Un silence retombe entre elle et moi, à travers la porte. D'une certaine façon, j'ai une étrange impression. Je ne sais pas ce qu'elle doit se dire de l'autre côté. Que je cherche à l'ignorer ? Que je l'évite à tout prix ? Elle et eux tous ? C'est vrai qu'on ne s'est presque pas parlé hier soir. Je ne le remarque que maintenant. « Désolée, j'en ai l'impression ». Ça sonnait d'une tristesse plaquante. Tristesse.

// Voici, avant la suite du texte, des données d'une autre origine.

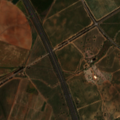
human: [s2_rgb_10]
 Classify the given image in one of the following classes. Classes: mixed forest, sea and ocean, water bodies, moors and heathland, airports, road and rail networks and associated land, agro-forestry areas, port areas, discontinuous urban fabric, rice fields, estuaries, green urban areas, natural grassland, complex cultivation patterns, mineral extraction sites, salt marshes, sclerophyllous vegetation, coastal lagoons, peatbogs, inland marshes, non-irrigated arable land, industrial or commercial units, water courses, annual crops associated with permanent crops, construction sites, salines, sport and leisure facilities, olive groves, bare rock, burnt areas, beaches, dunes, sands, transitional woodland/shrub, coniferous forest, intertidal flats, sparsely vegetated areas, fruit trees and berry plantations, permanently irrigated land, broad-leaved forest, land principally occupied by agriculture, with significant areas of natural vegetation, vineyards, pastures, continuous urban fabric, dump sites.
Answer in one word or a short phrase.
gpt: continuous urban fabric
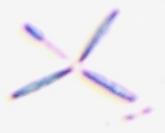
Label: Thalassionema
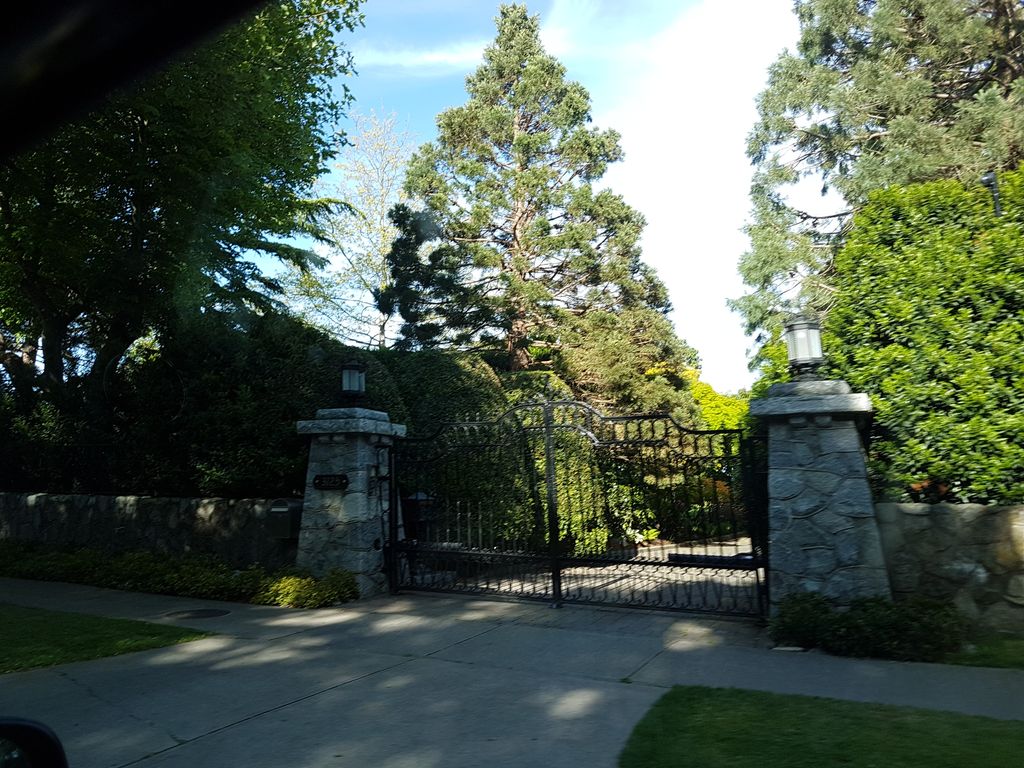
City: victoria
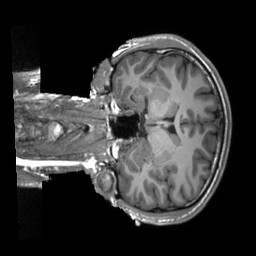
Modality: T1w
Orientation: coronal
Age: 22
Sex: male
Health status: healthy
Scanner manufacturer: siemens
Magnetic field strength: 3 T
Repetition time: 2.3 s
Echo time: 0.00229 s
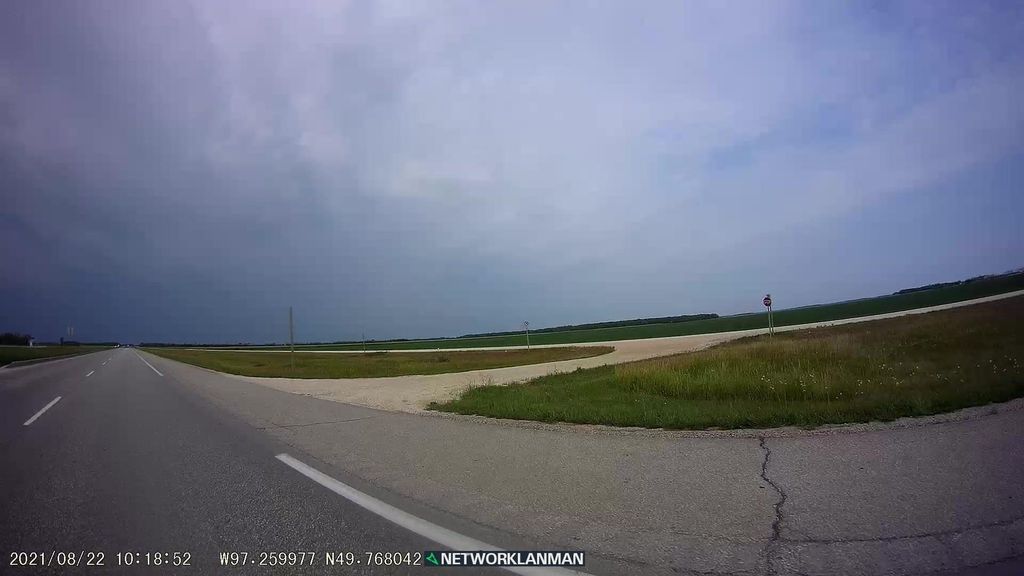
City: winnipeg
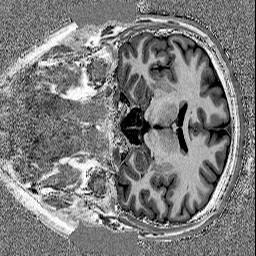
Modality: UNIT1
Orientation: coronal
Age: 20
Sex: male
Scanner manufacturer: siemens
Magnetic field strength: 3 T
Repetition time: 5 s
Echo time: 0.00298 s
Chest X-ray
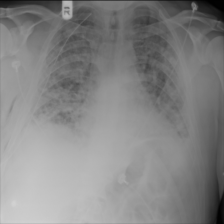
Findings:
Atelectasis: negative
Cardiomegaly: negative
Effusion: negative
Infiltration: negative
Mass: negative
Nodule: negative
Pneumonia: negative
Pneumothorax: negative
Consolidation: negative
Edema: negative
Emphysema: negative
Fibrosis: negative
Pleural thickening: negative
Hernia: negative
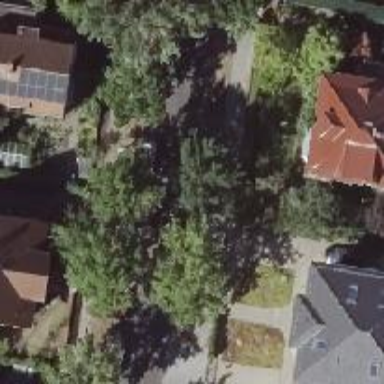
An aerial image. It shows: Avenue lined with broadleaved deciduous trees.
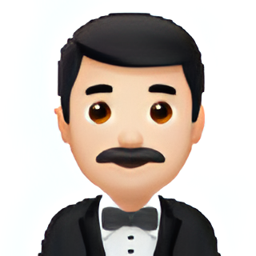
Name: man in tuxedo
Emoji: 🤵🏻
Group: People & Body
Sub-group: person-role
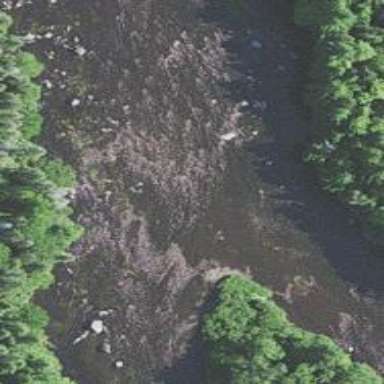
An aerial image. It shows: Rapids in the waterway.
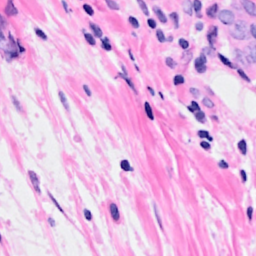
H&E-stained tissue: Breast

Ça me rend mal qu'elle pense, me déranger.

Sauf que je n'en fais rien. Rien pour changer ça, ce moment. Je me rassois juste sur mon lit, la veilleuse abîmée dans ma main droite, en attendant patiemment une réponse de mon amie.

Elle a dû lire dans mes pensées.

- Oh, je comprends, soupire t-elle, Bon eh bien, je vais essayer de te ramener quelque chose. Ça ne compensera pas ton absence, mais au moins, tu n'auras pas tout manqué, comme ça.

Puis je n'entends que des pas qui s'éloignent progressivement. J'ai, d'un coup, un creux dans la cage thoracique.

Je viens de l'ignorer.

Je viens d'ignorer Dani'.

Et ce n'est que parce que je l'ai ignoré, tout le reste se dévoile comme une lourde réalité dont j'ai fait abstraction.

Son regard. Son regard, après la fin de cette journée où elle avait soudainement déserté sa classe. Son regard, en voyant Tommy éclater en petits morceaux sur la ruelle, face à son école. Son regard, lorsque quelqu'un évoque ne serait-ce que le prénom de Nick par mégarde dans une conversation, ou autre. Son regard depuis le début de ces congés, malgré tous ses sourires. Son regard. Ce regard là.